Hacker News new | ask | show | jobs
by MacsHeadroom 830 days ago
This is exactly right. Model collapse does not exist in practice. In fact, LLMs trained on newer web scrapes have increased capabilities thanks to the generated output in their training data.

For example, "base" pretrained models trained on scrapes which include generated outputs can 0-shot instruction follow and score higher on reasoning benchmarks.

Intentionally produced synthetic training data takes this a step further. For SoTA LLMs the majority of, or all of, their training data is generated. Phi-2 and Claude 3 for example.

5 comments

Ironically Claude 3 appears to have certain "quirks" arguably caused by the fact that its training data contains synthetic data. In one instance (https://twitter.com/DimitrisPapail/status/176477229891207585...), it kept referring to itself as ChatGPT.

Granted, one could argue that this only happened because the API version of Claude doesn't appear to use a system prompt. If that's the case, then the LLM lacks any identity otherwise defined by the initial system prompt, and thus, kind of makes one up.

Nonetheless, point remains, it's kind of interesting to see that in the years since the launch of ChatGPT we're already seeing a tangible impact on publicly available training data. LLMs "know" what ChatGPT is, and may even claim to be it.

that is the meat the article tries to cook. the impacts so far aren’t all that negative.

but time flows like a river, and the more shit that gets into it…

poison does not need to be immediately fatal to be fatal. some take a frighteningly long time to work. by the time you know what’s happening, not only is it too late, you have already suffered too much.

does this sound like anything more than a scary story to tell around campfires? not yet.

Claude 3 does use publically available data. Not everything is synthetically generated. Look at the section for training data in the below link. It has an quote from the paper which states that it uses a mix of public data, data from labelers and synthetic data

https://www.lesswrong.com/posts/JbE7KynwshwkXPJAJ/anthropic-...
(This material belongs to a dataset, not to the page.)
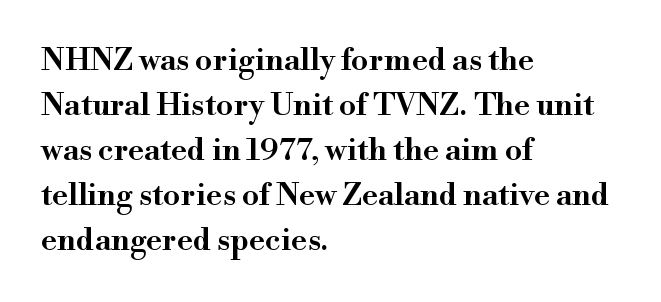
{"serif": "yes", "italic": "no", "bold": "semi", "weight": "semibold", "width": "normal", "stroke_contrast": "high", "x_height": "small", "monospaced": "no", "underline": "no", "align": "left", "line_spacing": "normal", "line_spacing_ratio": 1.45, "letter_spacing": "normal", "letter_spacing_em": 0.0, "glyph_px": 31}

I can't find a link to the actual clause paper to verify the above link but a few other places mention the same thing about the training data. We don't know if this improved performance is because of synthetic data or something else. I'm guessing even antropic might not be knowing this too.

Wouldn’t reinforcement learning just weigh any nonsense data very low and then spammy garbage doesn’t really affect the model in the end much ? If the model and human experts can’t tell the difference then it’s probably pretty good AI generated data
Truth and what humans think is true are different things. Synthetic data was created by models that were trained to be convincing.
the ideal poison tastes like nothing, or at the very least doesn’t taste bad.

you wouldn’t want to alert the victim.

What happens if you train a model on nothing but AI-generated output, recursively? Does it eventually get inbred?
Why would you limit a model to be like a brain in a vat? Instead let the model out so people use it, then use the chat logs to fine-tune. A chat room is a kind of environment, there is a human, maybe some tools. The LLM text will generate feedback and right there is a learning signal.

Even without a human, if a LLM has access to code execution it can practice solving coding tasks with runtime feedback. There are many ways a LLM could obtain useful learning signals. After all, we got all our knowledge from the environment as well, in the end there is no other source for knowledge and skills.

I want to observe that one of my favorite youtubers did exactly this with making the "uppest case" and "lowest case" letters.

https://www.youtube.com/watch?v=HLRdruqQfRk

I love this guy so much and wish he made far more videos.

Depends how good the AI output is, just like it depends how good the natural output is.

If most of it is bad but you can get a better AI to tag it as bad, then it's not necessarily a problem.

Without human input, yes.
Does AlphaZero get inbred?
>model collapse does not exist in practice

Dude what? That’s a pretty absurd claim. Most generally available models specifically curate their inputs for the express purpose of avoiding AI garbage induced collapse. It’s literally on their cited reasons for avoiding ai generated data as inputs.